A lot of it goes straight back out to other players in winnings.
Well, some casinos give an overall RTP figure for their business that takes into account every single game that was played that year. And this figure will not be theoretical, it will be based on the actual amount of money that exchanged hands the previous year.
You might see a claim at the bottom of an online casino’s website that says they have paid back, let’s say, 97.2% of all money taken in prizes.
This would mean they have kept 2.8% of the money taken.
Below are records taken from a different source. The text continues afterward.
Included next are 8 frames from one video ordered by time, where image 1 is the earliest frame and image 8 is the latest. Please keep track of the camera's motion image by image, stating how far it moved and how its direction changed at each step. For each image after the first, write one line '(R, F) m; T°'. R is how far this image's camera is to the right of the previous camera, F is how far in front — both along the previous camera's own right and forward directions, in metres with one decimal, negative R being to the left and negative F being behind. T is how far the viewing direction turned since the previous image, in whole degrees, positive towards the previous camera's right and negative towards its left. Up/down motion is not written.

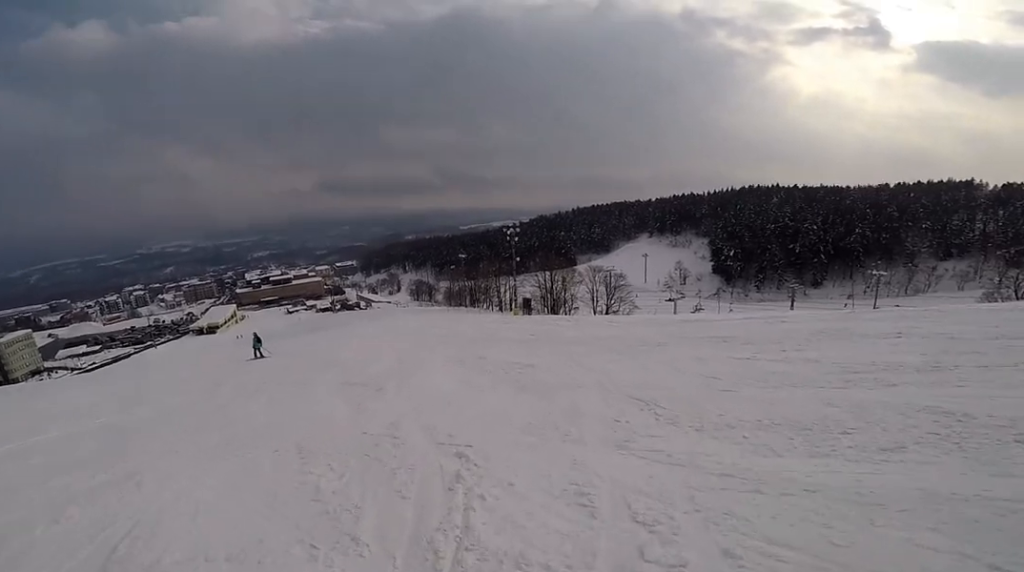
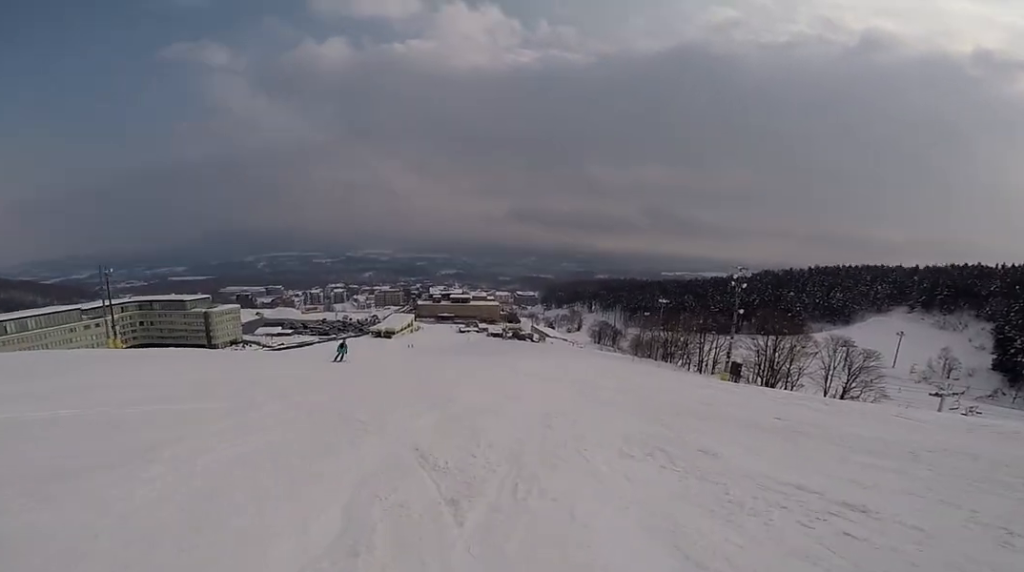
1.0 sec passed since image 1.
(-0.4, +6.2) m; -7°
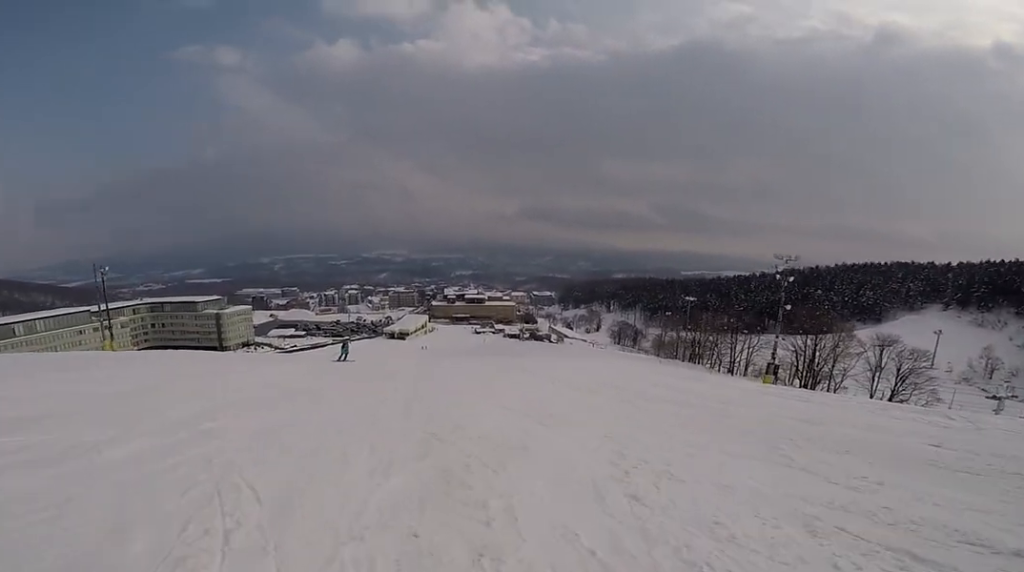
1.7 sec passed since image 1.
(-0.2, +4.4) m; -9°
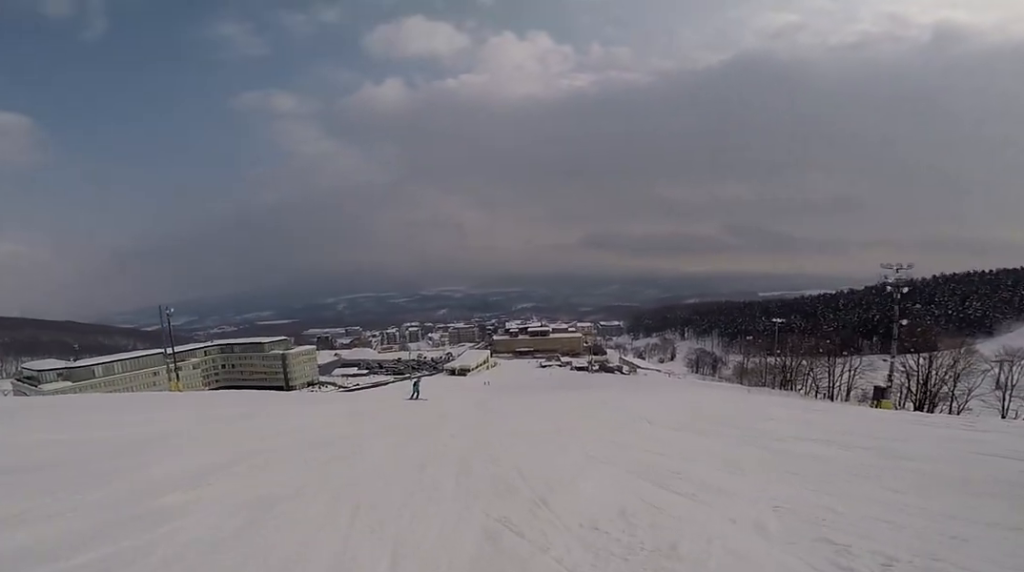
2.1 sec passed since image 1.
(+0.1, +2.6) m; -7°
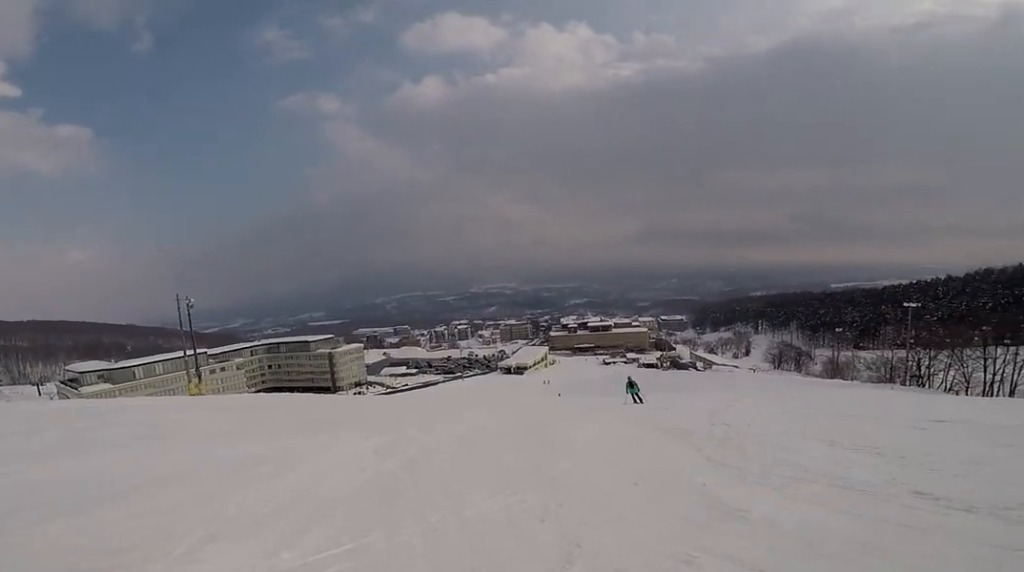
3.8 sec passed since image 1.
(-2.5, +11.4) m; -7°
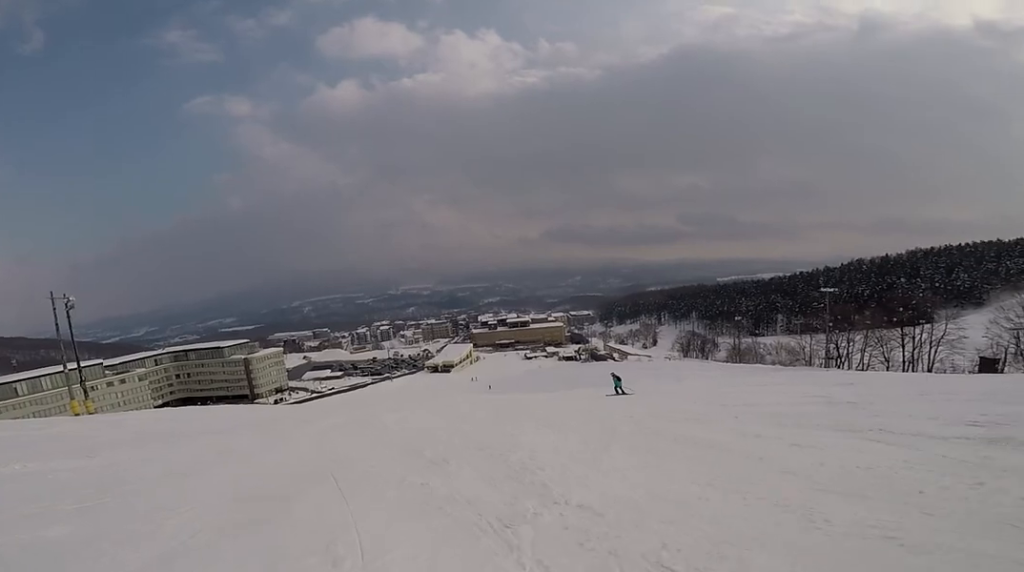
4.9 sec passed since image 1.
(+1.0, +7.0) m; +23°
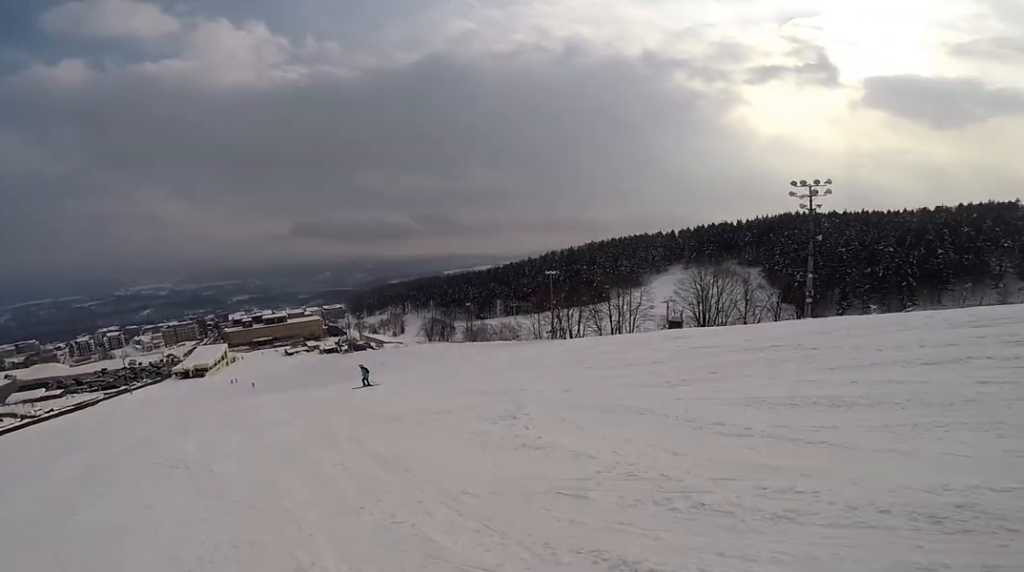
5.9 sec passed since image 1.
(+1.3, +5.5) m; +22°
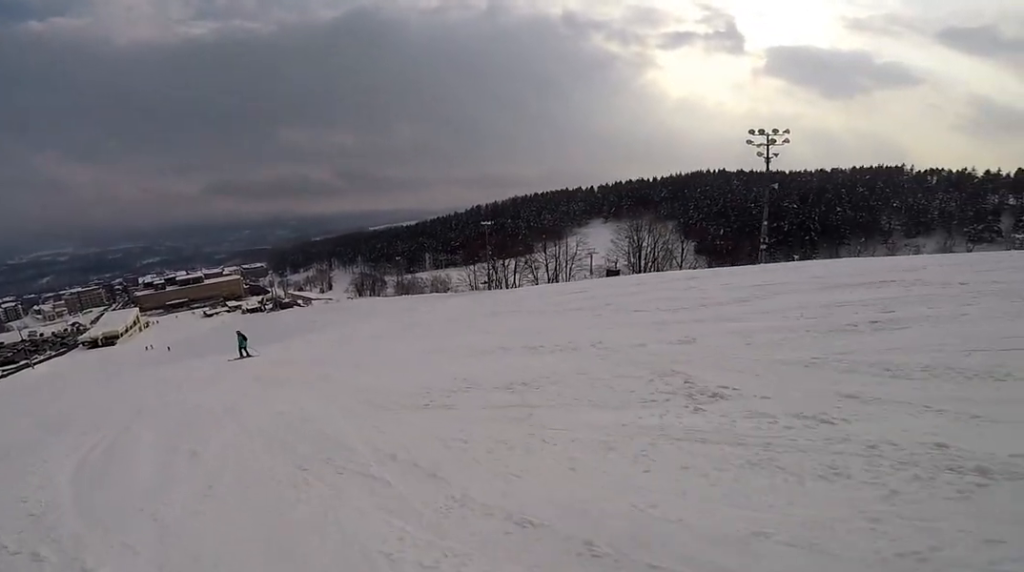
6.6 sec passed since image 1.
(+0.6, +4.1) m; +8°

This would be their GGY, but this would not be their net profit because we would need to subtract their operating expenses from that figure.
If they took £10 million over the year, then at 2.8% their GGY would be £280,000. If the casino cost £100,000 to run that would leave them with £180,000 in the bank before tax.
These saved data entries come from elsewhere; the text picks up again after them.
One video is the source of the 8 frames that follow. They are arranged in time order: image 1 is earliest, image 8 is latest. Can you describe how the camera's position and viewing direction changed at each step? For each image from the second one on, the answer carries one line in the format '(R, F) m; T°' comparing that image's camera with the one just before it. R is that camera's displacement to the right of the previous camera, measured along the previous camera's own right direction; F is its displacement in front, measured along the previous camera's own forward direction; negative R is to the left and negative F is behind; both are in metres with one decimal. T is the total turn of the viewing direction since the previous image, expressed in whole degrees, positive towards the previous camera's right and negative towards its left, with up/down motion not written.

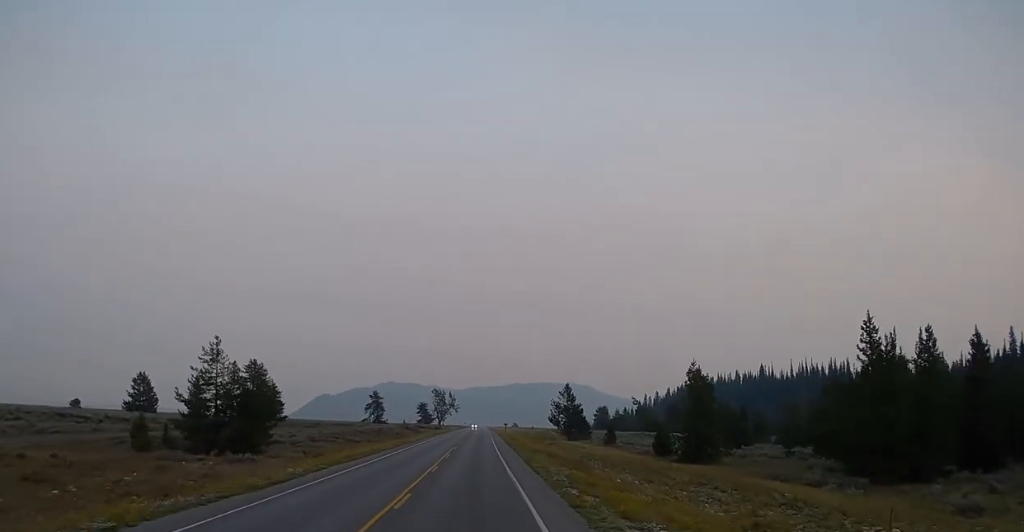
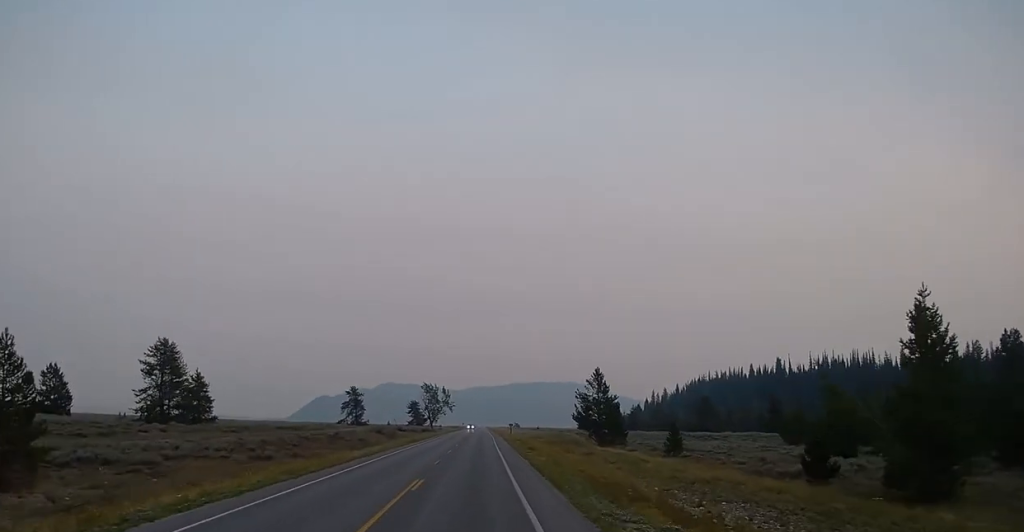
(0.0, +32.2) m; 0°
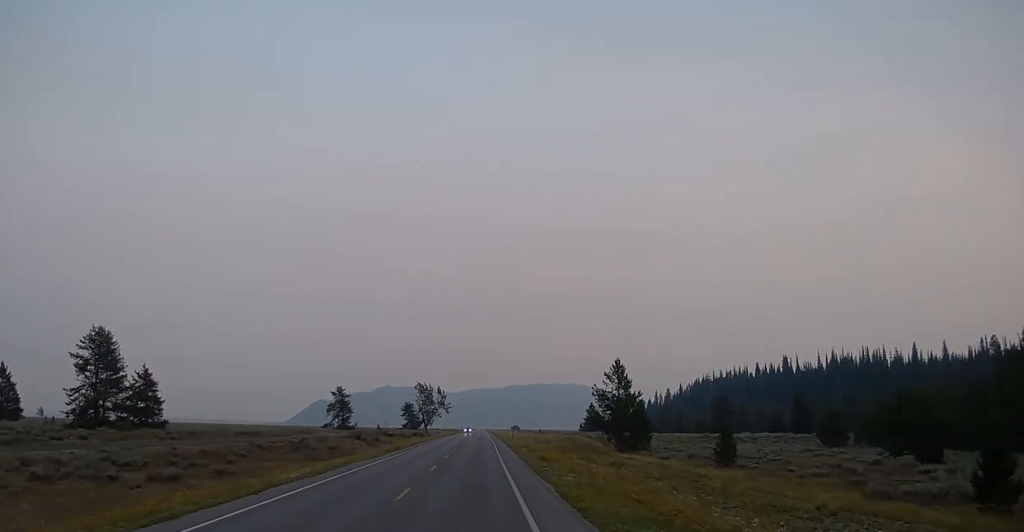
(-0.3, +13.9) m; 0°
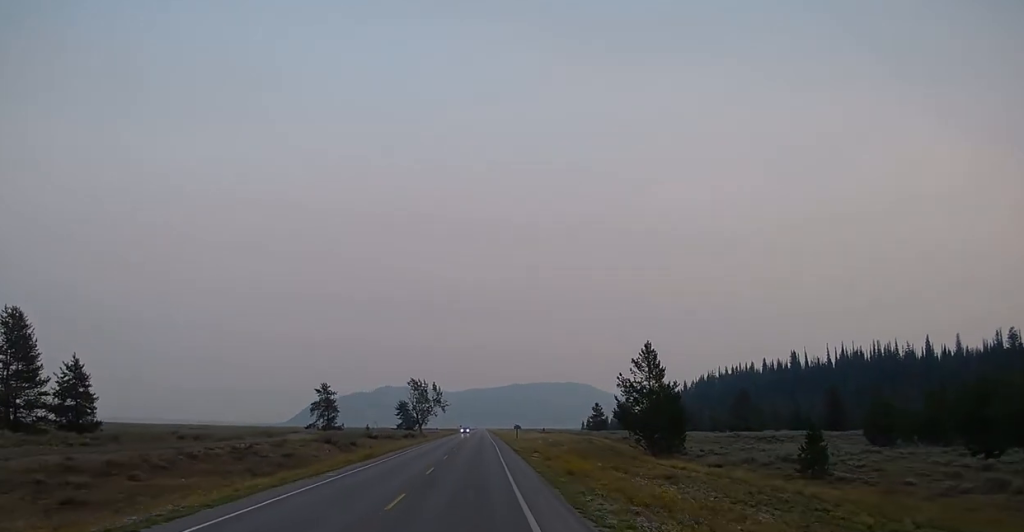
(+0.3, +14.2) m; +1°
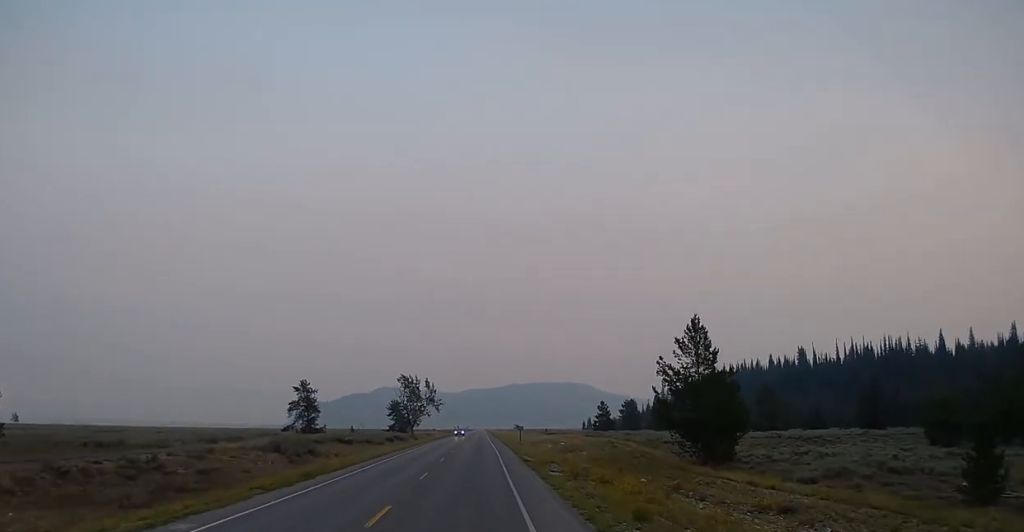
(+0.1, +14.8) m; 0°
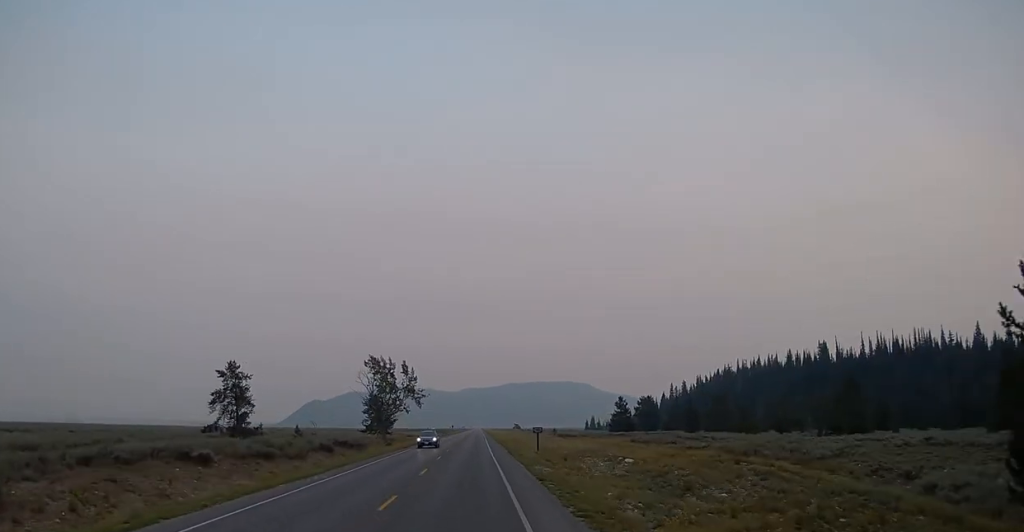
(0.0, +35.2) m; 0°
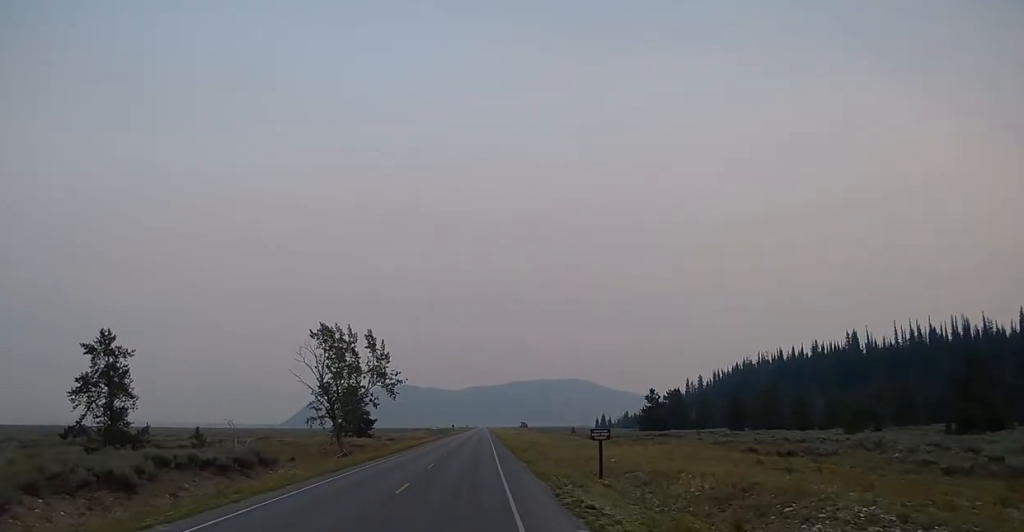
(-0.4, +31.2) m; -1°
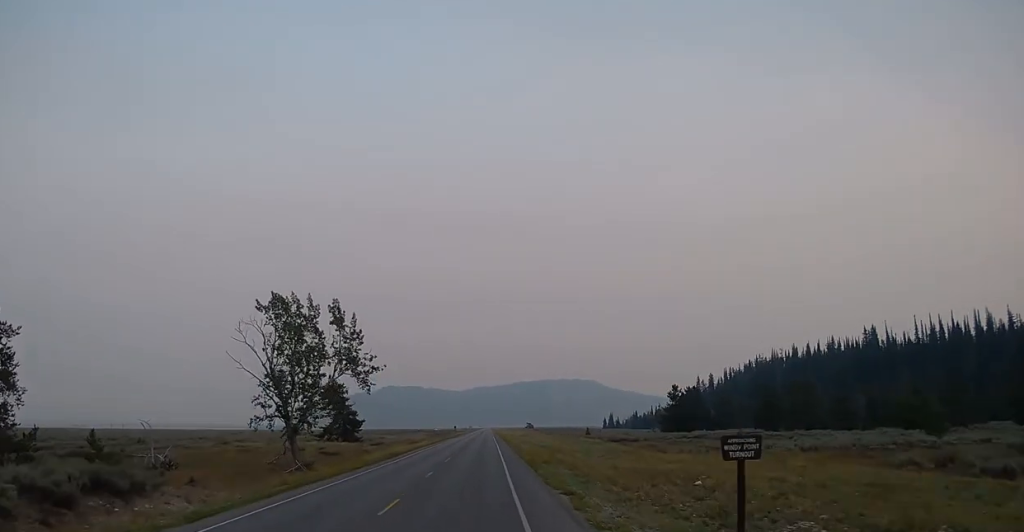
(-0.2, +16.4) m; 0°

That’s a profit margin of 1.80%.
Again, these figures are not supposed to be accurately representative, they are just being used to demonstrate the point.
Now, that demo margin is a small percentage, but if that same company was doing £1 billion rather than £10 million, even that tiny 1.80% would equate to £18 million net profit, so it’s about volume for casinos.
The True Profits of Casinos
Having talked around the subject to get a basic understanding, and having used some made up numbers to demonstrate the point, let’s now look at a real life example.
Unfortunately, we can’t look at a single casino or online casino, because there are no single venue/single site companies that are publicly owned, so they won’t publish detailed financial reports. We are going to look at Entain instead, who are a huge multi brand conglomerate with names like Ladbrokes, Coral, Party Casino, Gala, Foxy, and others under their umbrella.
That means that the numbers we will be looking at include everything from online bookies and casino sites, bookmakers on the high street and gaming machines, plus potentially some B2B services. Oh, and just to make things even more difficult, they operate in many different jurisdictions with different tax laws too.
For this reason, we will be sticking to group wide overall figures rather than just those of their casino brands, as quite frankly it would take an army of accountants to write this article otherwise!
In the 2021/22 financial year, Entain had an online net gaming revenue (revenue before deducting VAT) of £3.1 billion, but made a net profit of ‘just’ £275.6 million after tax. You can see the financial report for yourself here.
Their net profit before tax, which is what we are interested in when trying to establish a profit margin, was £393.2 million.
That’s a net profit margin of about 12.68% overall.
If you are wondering where the rest of Entain’s £3.1 billion went, gambling companies have to pay a pretty hefty levy on every bet placed with them (before getting taxed on any profits), as well as paying for licenses, royalties to software providers, affiliate commissions, their own marketing costs, fees to payment providers, and on it goes.
Although these figures relate to a company with many casinos and other betting businesses in its group, an independent casino or online casino will be facing the same sorts of costs against their income, just on a smaller scale.
This sort of margin seems fairly standard for the bigger companies, as if we look art the same figures for Flutter, the group that owns Paddy Power, Betfair, Sky Vegas, and many others, we get a net profit margin of 11.36% overall.
On the other hand, 888 who are a much smaller company, come out with a much lower 8.77% net profit margin.
Lower even than The Rank Group with a 10.07% net profit margin. We went back to 2019 for them because any results post 2019 would be hugely impacted by the covid lockdown and not give a true indication of usual market conditions. Rank operate Grosvenor Casino and Mecca Bingo which are obviously real world venues, so this is where the majority of their income is from.